Further, the PBAC also noted that a review (Prospective Studies Collaboration) has suggested that systolic blood pressure (SBP) is a more useful predictor of subsequent clinical outcomes than DBP. The PBAC noted that inspection of the SBP results suggested greater numerical differences would likely be generated if these results were similarly pooled to the results for DBP and this was confirmed by the sponsor’s pre-PBAC Response.

The PBAC therefore rejected the submission because of a lack of clinical need in patients with hypertension for the combination, concerns about inappropriate substitution for ACE inhibitor with thiazide combinations and unconvincing evidence of superiority over the individual components in the requested doses.Top of page
 

13. Context for Decision

The PBAC helps decide whether and, if so, how medicines should be subsidised in Australia. It considers submissions in this context. A PBAC decision not to recommend listing or not to recommend changing a listing does not represent a final PBAC view about the merits of the medicine. A company can resubmit to the PBAC or seek independent review of the PBAC decision.
 

14. Sponsor’s Comment

The sponsor believes that there is a clear clinical need for a combination of trandolapril and verapamil. Although the submission provided data that there are currently over 23,000 Australians receiving an ACE inhibitor/ calcium channel blocker combination, the PBAC focused on the smaller number currently on the verapamil/ trandolapril combination when assessing clinical need.

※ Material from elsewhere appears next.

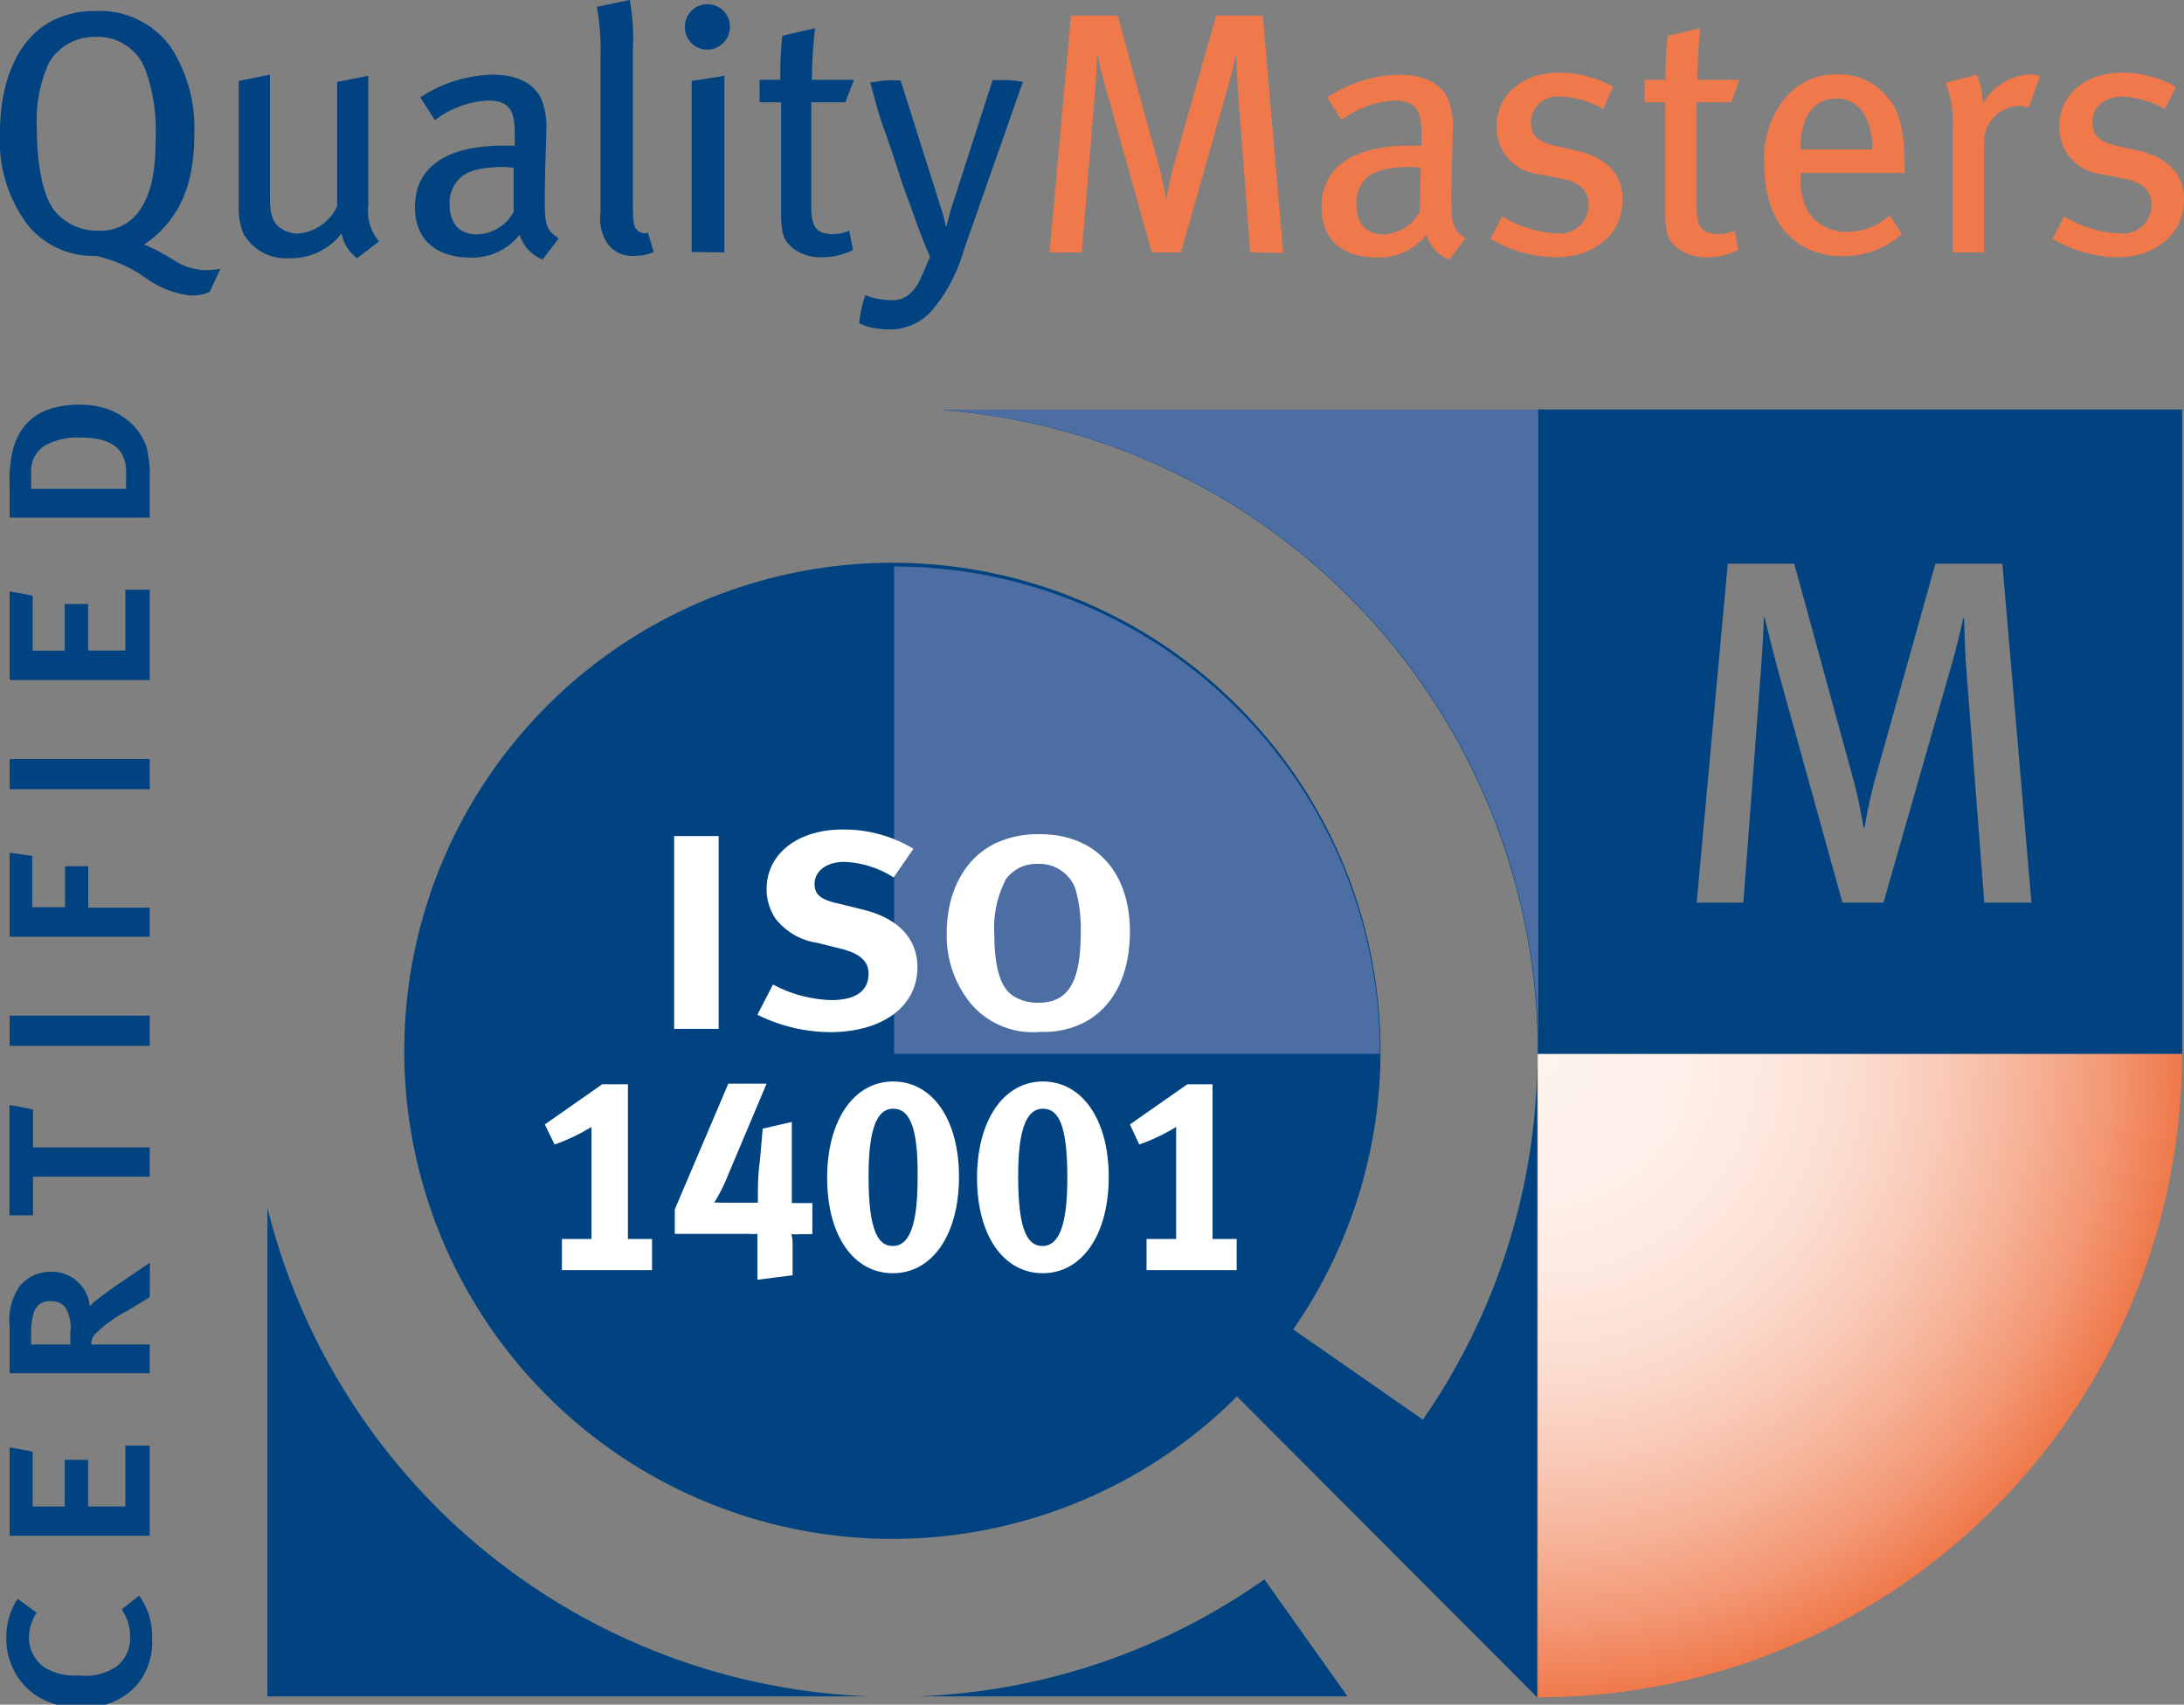 <svg id="tekst_2_regels" data-name="tekst 2 regels" xmlns="http://www.w3.org/2000/svg" xmlns:xlink="http://www.w3.org/1999/xlink" viewBox="0 0 140.31 109.53"><rect x="0" y="0" width="140.31" height="109.53" fill="#808080" stroke="none"/><defs><style>.cls-1{fill:url(#radial-gradient);}.cls-2{fill:#004380;}.cls-3{fill:#4c6ea3;}.cls-4{fill:#ef794b;}.cls-5{fill:#fff;}</style><radialGradient id="radial-gradient" cx="98.79" cy="67.68" r="41.39" gradientUnits="userSpaceOnUse"><stop offset="0" stop-color="#fef3ed"/><stop offset="0.2" stop-color="#fef1ea"/><stop offset="0.35" stop-color="#fde9e0"/><stop offset="0.5" stop-color="#fbdccf"/><stop offset="0.63" stop-color="#f9cab7"/><stop offset="0.76" stop-color="#f6b398"/><stop offset="0.89" stop-color="#f39773"/><stop offset="1" stop-color="#ef794b"/></radialGradient></defs><title>qm_ISO14001_kleur_ENG</title><path class="cls-1" d="M140.18,67.71H98.79v41.35A41.34,41.34,0,0,0,140.18,67.71Z"/><path class="cls-2" d="M83.08,85.42a31.36,31.36,0,1,0-3.61,4.31l19.29,19.33h0V68.5a41.17,41.17,0,0,1-7.35,22.72ZM98.79,66.93V26.34H60.41A41.41,41.41,0,0,1,98.79,66.93ZM17.18,77.61V109H55.92A41.44,41.44,0,0,1,17.18,77.61ZM58.92,109H86.57l-5.34-7.52A41.18,41.18,0,0,1,58.92,109ZM98.8,67.64c0-.24,0-.47,0-.71V68.5C98.8,68.21,98.8,67.93,98.8,67.64ZM57.39,109.06q.77,0,1.53,0h-3Q56.65,109.06,57.39,109.06Z"/><path class="cls-2" d="M98.79,26.31v41.4h41.4V26.31ZM127.48,58l-1.14-14.82c-.1-1.17-.13-2.81-.16-3.45h-.06c-.13.64-.45,2-.79,3.16L121,58h-2.63l-4-14.41c-.47-1.68-.85-3.32-1-3.89h-.06c0,.76-.13,2.75-.22,3.89L112,58h-3l2-21.78h4.27l3.66,13.37a31.84,31.84,0,0,1,.79,3.57h.07a32.49,32.49,0,0,1,.76-3.41l3.79-13.53h4.3L130.51,58Z"/><path class="cls-3" d="M98.82,66.93V26.33H60.37A41.41,41.41,0,0,1,98.82,66.93ZM79.5,45.55A31.13,31.13,0,0,0,57.44,36.4V67.72H88.65v-.08A31.08,31.08,0,0,0,79.5,45.55Z"/><path class="cls-2" d="M13.47,18.76a2.74,2.74,0,0,1-1.28.22,6.1,6.1,0,0,1-2.83-1.12,8.6,8.6,0,0,0-3.21-1.42,5.4,5.4,0,0,1-4.38-2A9,9,0,0,1,0,8.52C0,5.2,1.13,2.63,3.12,1.46a5.9,5.9,0,0,1,3-.75A5.61,5.61,0,0,1,11,3.07a9.54,9.54,0,0,1,1.48,5.6c0,2.86-.75,4.76-2.16,6.17a5.45,5.45,0,0,1-1.07.87,13.07,13.07,0,0,1,1.91,1,3.89,3.89,0,0,0,2,.65,5.35,5.35,0,0,0,1-.09ZM9.33,4.45A3.26,3.26,0,0,0,6.15,2.37,3.4,3.4,0,0,0,3.16,4,9,9,0,0,0,2.37,8.3c0,2.45.44,4.36,1.13,5.24a3.51,3.51,0,0,0,2.78,1.28A3,3,0,0,0,9,13.47c.67-1,1-2.3,1-4.6A11.41,11.41,0,0,0,9.33,4.45Z"/><path class="cls-2" d="M22.94,16.59a2.63,2.63,0,0,1-1-1.59,4.07,4.07,0,0,1-3.34,1.59,3.13,3.13,0,0,1-3-1.65,4.77,4.77,0,0,1-.26-1.86V5.2l2-.4v7.72c0,1.13.11,1.57.51,2a2,2,0,0,0,1.28.49,3.07,3.07,0,0,0,2.53-1.75v-8l2-.39v8.34a3,3,0,0,0,.69,2.3Z"/><path class="cls-2" d="M34.86,16.68a2.57,2.57,0,0,1-1.48-1.59,3.85,3.85,0,0,1-3.14,1.46c-2.21,0-3.58-1.13-3.58-3.25,0-2.57,2.05-3.94,5.64-3.94.26,0,.48,0,.77,0V8.65c0-1.3-.17-2.19-1.72-2.19a6.16,6.16,0,0,0-3.41,1.26L27,6.26A8.71,8.71,0,0,1,31.66,4.8c1.61,0,2.78.6,3.2,1.77a5,5,0,0,1,.23,1.95c0,.79-.09,2.5-.09,4.11s0,2.15.9,2.68Zm-2.5-5.95c-1.52,0-2.45.29-2.89.8a2.12,2.12,0,0,0-.58,1.61c0,1.22.62,1.92,1.75,1.92A2.75,2.75,0,0,0,33,13.61L33,10.78C32.72,10.75,32.54,10.73,32.36,10.73Z"/><path class="cls-2" d="M40.73,16.44A1.9,1.9,0,0,1,39,15.6a2.84,2.84,0,0,1-.42-1.93v-10A15,15,0,0,0,38.34.44L40.46,0a13.66,13.66,0,0,1,.2,3.16v10c0,1.17.07,1.44.29,1.64a.72.72,0,0,0,.68.16L42,16.19A3,3,0,0,1,40.73,16.44Z"/><path class="cls-2" d="M45.44,3.19A1.44,1.44,0,0,1,44,1.72a1.45,1.45,0,1,1,2.9,0A1.48,1.48,0,0,1,45.44,3.19Zm-1,13V5.2l2.1-.33V16.22Z"/><path class="cls-2" d="M54.31,6.57H52.12v6.68c0,1.37.33,1.79,1.44,1.79a2.4,2.4,0,0,0,1-.22l.24,1.24a4.42,4.42,0,0,1-2,.47A3,3,0,0,1,51,16c-.47-.42-.82-.64-.82-2.25V6.57H48.8V5.13h1.33a24.16,24.16,0,0,1,.13-2.83l2.1-.49c-.09.8-.2,2.2-.2,3.32h2.7Z"/><path class="cls-4" d="M80.32,16.22,79.53,5.84c-.07-.82-.09-2-.11-2.41h0c-.09.44-.31,1.39-.55,2.21l-3,10.58H74L71.17,6.13c-.34-1.17-.6-2.32-.69-2.72h0c0,.53-.08,1.92-.15,2.72L69.5,16.22H67.43L68.8,1h3l2.57,9.36a23,23,0,0,1,.55,2.5h0c.07-.38.24-1.37.53-2.39L78.13,1h3l1.31,15.25Z"/><path class="cls-4" d="M93.11,16.68a2.52,2.52,0,0,1-1.48-1.59,3.88,3.88,0,0,1-3.15,1.46c-2.21,0-3.58-1.13-3.58-3.25,0-2.57,2.06-3.94,5.64-3.94.27,0,.49,0,.78,0V8.65c0-1.3-.18-2.19-1.73-2.19a6.13,6.13,0,0,0-3.4,1.26l-.93-1.46A8.71,8.71,0,0,1,89.9,4.8c1.62,0,2.79.6,3.21,1.77a5,5,0,0,1,.22,1.95c0,.79-.09,2.5-.09,4.11s.05,2.15.91,2.68Zm-2.5-5.95c-1.53,0-2.46.29-2.9.8a2.12,2.12,0,0,0-.57,1.61c0,1.22.62,1.92,1.74,1.92a2.77,2.77,0,0,0,2.33-1.45l.06-2.83C91,10.75,90.79,10.73,90.61,10.73Z"/><path class="cls-4" d="M99.9,16.53a8.48,8.48,0,0,1-4.14-1.18l.73-1.45a7.62,7.62,0,0,0,3.57,1.1,1.83,1.83,0,0,0,2-1.79c0-1-.57-1.51-1.85-1.75l-1.36-.27a3,3,0,0,1-2.7-3.07c0-2,1.62-3.45,4-3.45a7,7,0,0,1,3.49.91L103,7a6,6,0,0,0-2.72-.79,1.7,1.7,0,0,0-1.93,1.66c0,.79.4,1.23,1.57,1.5l1.44.33c2,.47,2.88,1.64,2.88,3.1C104.26,15,102.49,16.53,99.9,16.53Z"/><path class="cls-4" d="M111.23,6.57H109v6.68c0,1.37.33,1.79,1.43,1.79a2.34,2.34,0,0,0,1-.22l.25,1.24a4.45,4.45,0,0,1-2,.47,3,3,0,0,1-1.87-.56c-.47-.42-.83-.64-.83-2.25V6.57h-1.32V5.13H107a24.16,24.16,0,0,1,.14-2.83l2.1-.49c-.09.8-.2,2.2-.2,3.32h2.7Z"/><path class="cls-4" d="M115.68,11.11v.26a4.18,4.18,0,0,0,.46,2.21,2.87,2.87,0,0,0,2.54,1.31,4,4,0,0,0,2.72-1.06l.78,1.21a5.63,5.63,0,0,1-3.83,1.42c-3.07,0-5-2.23-5-5.86a6.06,6.06,0,0,1,1.33-4.29,4.13,4.13,0,0,1,3.34-1.53,4,4,0,0,1,3,1.19c1,1,1.33,2.24,1.35,4.78v.36Zm3.93-4A2,2,0,0,0,118,6.33c-1.55,0-2.33,1.26-2.33,3.27h4.6A4.09,4.09,0,0,0,119.61,7.1Z"/><path class="cls-4" d="M130.34,6.92a1.81,1.81,0,0,0-.58-.11,2.32,2.32,0,0,0-2.3,2.26v7.15h-2V8.08A7.19,7.19,0,0,0,125,5.31l2-.51a4.56,4.56,0,0,1,.37,1.7v.2a3.66,3.66,0,0,1,3-1.92,2,2,0,0,1,.69.11Z"/><path class="cls-4" d="M136,16.53a8.47,8.47,0,0,1-4.13-1.18l.73-1.45a7.62,7.62,0,0,0,3.56,1.1,1.84,1.84,0,0,0,2.06-1.79c0-1-.58-1.51-1.86-1.75L135,11.19a3,3,0,0,1-2.7-3.07c0-2,1.62-3.45,4-3.45a7,7,0,0,1,3.49.91L139.08,7a6,6,0,0,0-2.72-.79c-1.18,0-1.93.66-1.93,1.66,0,.79.4,1.23,1.57,1.5l1.44.33c2,.47,2.87,1.64,2.87,3.1C140.31,15,138.54,16.53,136,16.53Z"/><path class="cls-2" d="M61.9,16.13A10.29,10.29,0,0,1,59.83,20a3.61,3.61,0,0,1-2.63,1.17,7.14,7.14,0,0,1-1-.08,3.24,3.24,0,0,1-1-.33,7.52,7.52,0,0,1,.15-.95c.08-.32.16-.6.24-.85a3.89,3.89,0,0,0,.81.24,4.73,4.73,0,0,0,.9.09,1.73,1.73,0,0,0,1.07-.34,2.75,2.75,0,0,0,.79-1.09l.59-1.36c-.34-.79-.68-1.63-1-2.55s-.7-1.86-1-2.83-.66-2-1-2.95-.59-1.95-.84-2.88c.28,0,.59-.09.95-.12s.68,0,1,0l2.53,8c.07.2.14.42.21.67s.12.47.16.67h.08c0-.23.1-.47.16-.7a5.19,5.19,0,0,1,.19-.66l2.58-8c.26,0,.57,0,.94,0a5.12,5.12,0,0,1,1,.12Z"/><path class="cls-5" d="M46.17,53.72V66.11H43.31V53.72Z"/><path class="cls-5" d="M57.41,56.38a6.3,6.3,0,0,0-3.18-1c-1.12,0-1.9.59-1.9,1.43,0,.64.37,1,1.51,1.24l1.65.41c2.23.56,3.45,1.86,3.45,3.69,0,2.52-2.24,4.17-5.63,4.17a10.58,10.58,0,0,1-4.65-1.12l1-1.94a8.44,8.44,0,0,0,3.75,1c1.57,0,2.39-.59,2.39-1.7,0-.8-.57-1.3-1.78-1.6l-1.51-.38a4.12,4.12,0,0,1-2.69-1.56,3.39,3.39,0,0,1-.57-1.89c0-2.27,2-3.83,4.88-3.83a8.59,8.59,0,0,1,4.55,1.24Z"/><path class="cls-5" d="M72.59,59.85c0,2.8-1.06,4.9-3,5.88a5.65,5.65,0,0,1-2.73.57,5.23,5.23,0,0,1-4.43-1.74A6.9,6.9,0,0,1,60.82,60c0-2.68,1.12-4.81,3.08-5.79a6.42,6.42,0,0,1,2.82-.61C70.35,53.56,72.59,56,72.59,59.85Zm-8-3.28A6.65,6.65,0,0,0,63.88,60c0,2.14.39,3.47,1.22,4a2.94,2.94,0,0,0,1.62.43c1.9,0,2.71-1.32,2.71-4.48a9.29,9.29,0,0,0-.35-2.87,2.46,2.46,0,0,0-2.4-1.57A2.42,2.42,0,0,0,64.57,56.57Z"/><path class="cls-5" d="M40.34,69.67v9.94h1.55v2H36.1v-2H38v-7.2a12.34,12.34,0,0,1-2.37,1.13L35,72.25l3.69-2.58Z"/><path class="cls-5" d="M49.25,69.63l-2.53,6a10.3,10.3,0,0,1-.84,1.65,1.63,1.63,0,0,1,.38,0h2c.22,0,.43,0,.43,0s0-.23,0-.32c0-.5,0-1.5.13-2.37L49,72.52l1.87-.43v3.16c0,.41,0,1.19,0,1.51s0,.54,0,.54l.57,0h.75v2h-.8a3.24,3.24,0,0,1-.55,0,2.21,2.21,0,0,1,.08.64v2l-2.26.29V79.72a4.17,4.17,0,0,1,0-.44,2.83,2.83,0,0,1-.57,0H43.35V77.71l3.44-8.08Z"/><path class="cls-5" d="M61.61,75.62c0,3.74-1.73,6.19-4.25,6.19s-4.22-2.41-4.22-6.13,1.73-6.19,4.24-6.19S61.61,71.9,61.61,75.62Zm-4.23-4.38c-1.21,0-1.58,1.76-1.58,4.35,0,3.61.66,4.47,1.56,4.47,1.22,0,1.59-1.78,1.59-4.37C59,72.08,58.29,71.24,57.38,71.24Z"/><path class="cls-5" d="M71.23,75.62c0,3.74-1.73,6.19-4.24,6.19s-4.22-2.41-4.22-6.13S64.5,69.49,67,69.49,71.23,71.9,71.23,75.62ZM67,71.24c-1.21,0-1.59,1.76-1.59,4.35,0,3.61.66,4.47,1.57,4.47,1.21,0,1.59-1.78,1.59-4.37C68.58,72.08,67.92,71.24,67,71.24Z"/><path class="cls-5" d="M77.9,69.67v9.94h1.55v2H73.66v-2h1.9v-7.2a12.34,12.34,0,0,1-2.37,1.13l-.6-1.29,3.69-2.58Z"/><path class="cls-2" d="M9.77,105.3a4.24,4.24,0,0,1-1.07,3.07,4.55,4.55,0,0,1-3.42,1.36A5.17,5.17,0,0,1,2.41,109a4.35,4.35,0,0,1-2-3.73,4.52,4.52,0,0,1,.72-2.54l1.22.89a3,3,0,0,0-.49,1.61,2.36,2.36,0,0,0,1,1.91,3.66,3.66,0,0,0,2.17.51,3.56,3.56,0,0,0,2.5-.6,2.34,2.34,0,0,0,.83-1.89,3.08,3.08,0,0,0-.54-1.75l1.12-.88A4.44,4.44,0,0,1,9.77,105.3Z"/><path class="cls-2" d="M9.62,98.68h-9V93l1.48.27v3.53H4.16v-3h1.5V96.8H8.05V92.89H9.62Z"/><path class="cls-2" d="M9.62,83.35l-1.45.88a8.15,8.15,0,0,0-2.09,1.52,1,1,0,0,0-.22.64H9.62v1.85h-9v-3a3.86,3.86,0,0,1,.63-2.58,2.54,2.54,0,0,1,2-.94,2.43,2.43,0,0,1,2.52,2.23,2.05,2.05,0,0,1,.42-.41c.38-.29,1-.76,1.62-1.17l1.82-1.24ZM2,86.39H4.52v-.81A2.45,2.45,0,0,0,4.19,84a1.09,1.09,0,0,0-.93-.39,1,1,0,0,0-1.09.76A4,4,0,0,0,2,85.49Z"/><path class="cls-2" d="M2.12,71.28v2.45h7.5v1.88H2.12v2.48H.61V71Z"/><path class="cls-2" d="M9.62,67.2h-9V65.26h9Z"/><path class="cls-2" d="M2.07,55v3.29H4.18V55.66H5.67v2.66H9.62v1.87h-9v-5.4Z"/><path class="cls-2" d="M9.62,50.71h-9V48.77h9Z"/><path class="cls-2" d="M9.62,43.69h-9V38l1.48.27v3.54H4.16v-3h1.5V41.8H8.05V37.89H9.62Z"/><path class="cls-2" d="M.85,28.8C1.32,27.25,2.44,26,5.13,26s4.05,1.7,4.32,2.89a7.18,7.18,0,0,1,.17,1.87v2.5h-9v-2A8.6,8.6,0,0,1,.85,28.8Zm2.07-.19A1.9,1.9,0,0,0,2,30.41v1h6.1V30.19a2.14,2.14,0,0,0-.26-1c-.23-.46-.88-1.07-2.6-1.07A4.28,4.28,0,0,0,2.92,28.61Z"/></svg>

In addition, arguments that at a population level there is a limited need for the product do not appear to take into account the fact that for individual patients the combination of trandolapril and verapamil may provide substantial benefit in controlling hypertension. The National Heart Foundation guidelines “Hypertension Management Guide for Doctors 2004” indicates that a combination ACE inhibitor and Calcium channel Blocker is useful and has a “particular role in the presence of diabetes and lipid abnormalities” (see Page 21). The sponsor would like to work with the PBAC to examine future listing options.